--- START ---
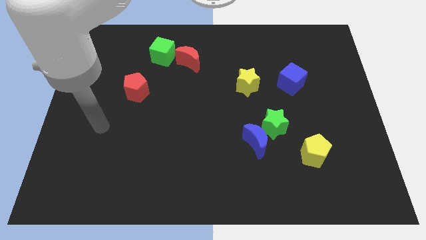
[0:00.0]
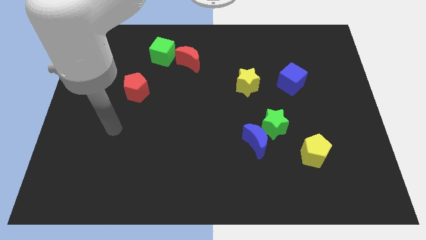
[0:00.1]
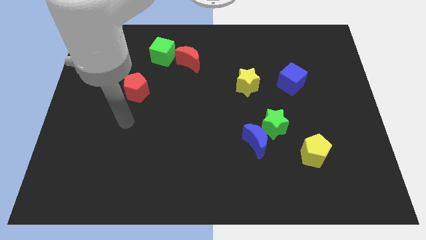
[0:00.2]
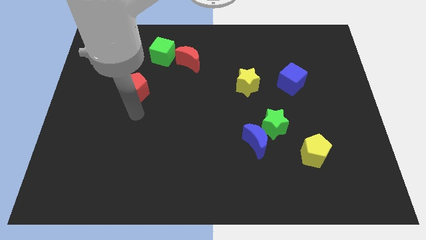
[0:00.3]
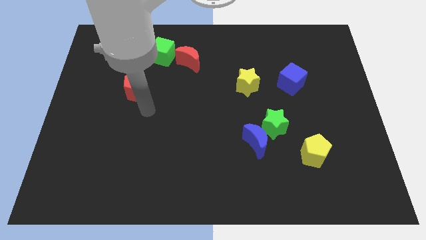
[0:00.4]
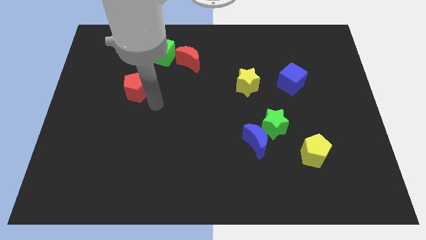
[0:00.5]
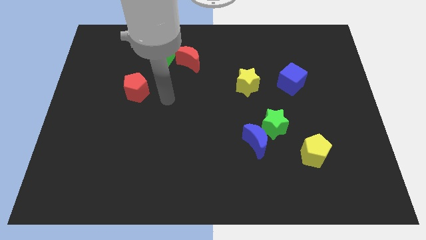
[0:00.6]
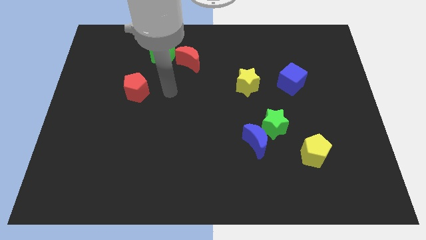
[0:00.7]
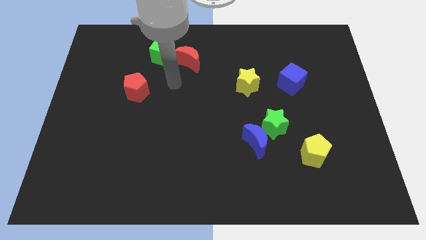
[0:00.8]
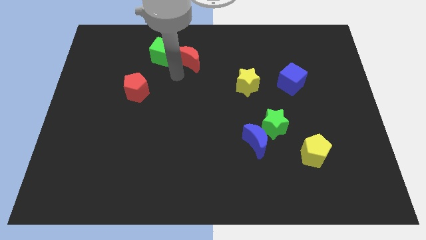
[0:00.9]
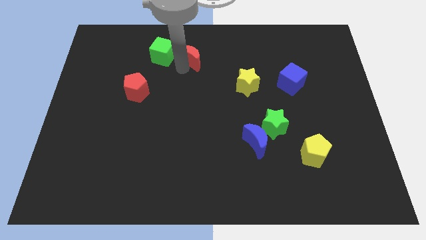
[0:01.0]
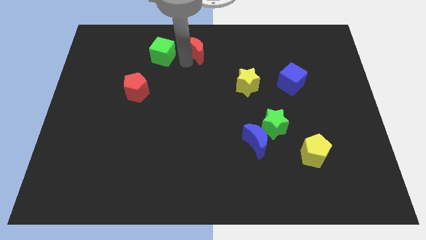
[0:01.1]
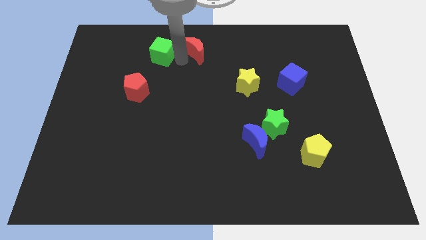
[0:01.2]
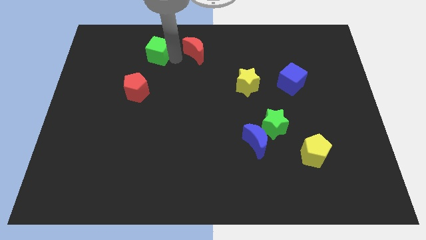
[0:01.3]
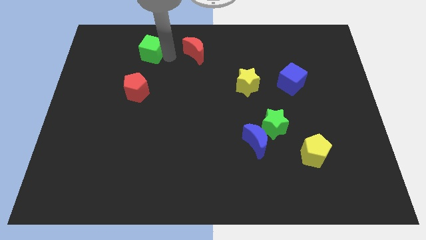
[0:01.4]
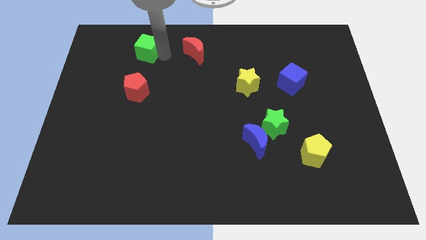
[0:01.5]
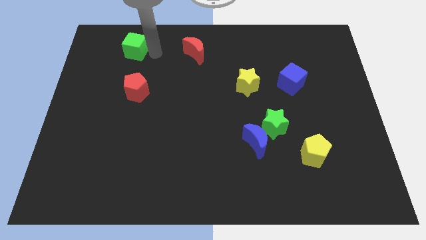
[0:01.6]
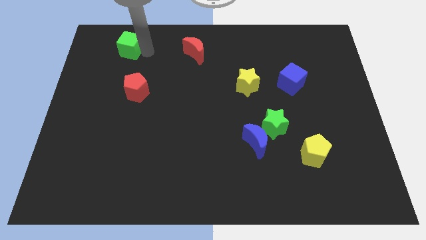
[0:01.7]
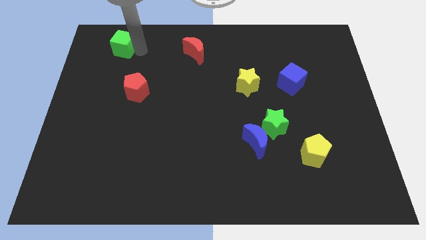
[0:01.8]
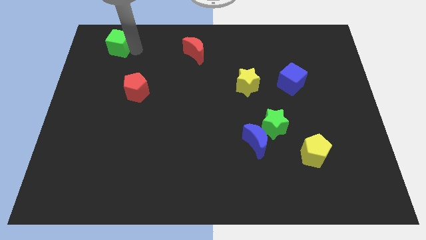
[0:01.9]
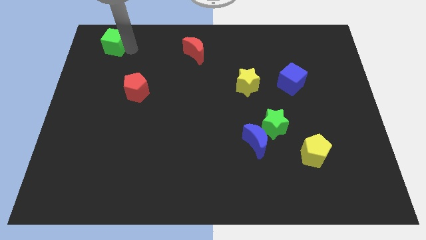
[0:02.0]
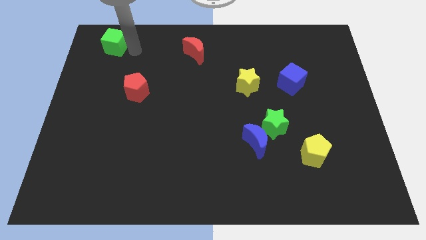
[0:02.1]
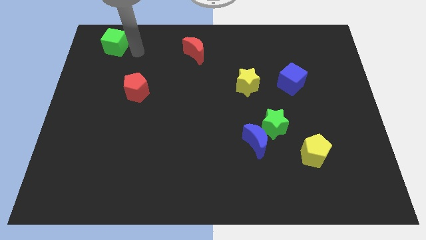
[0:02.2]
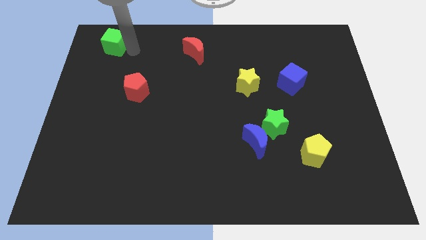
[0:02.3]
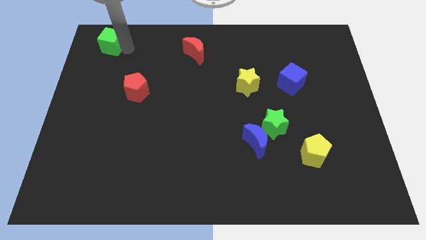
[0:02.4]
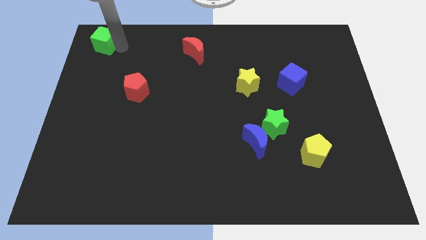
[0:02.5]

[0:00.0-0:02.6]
push the green cube to the top left corner
--- END ---
◆ Problem details ◆
Exact copy, no pictures: return the entries word for word.

◆ Your response ◆
[0:00.0]
[0:00.1]
[0:00.2]
[0:00.3]
[0:00.4]
[0:00.5]
[0:00.6]
[0:00.7]
[0:00.8]
[0:00.9]
[0:01.0]
[0:01.1]
[0:01.2]
[0:01.3]
[0:01.4]
[0:01.5]
[0:01.6]
[0:01.7]
[0:01.8]
[0:01.9]
[0:02.0]
[0:02.1]
[0:02.2]
[0:02.3]
[0:02.4]
[0:02.5]

[0:00.0-0:02.6]
push the green cube to the top left corner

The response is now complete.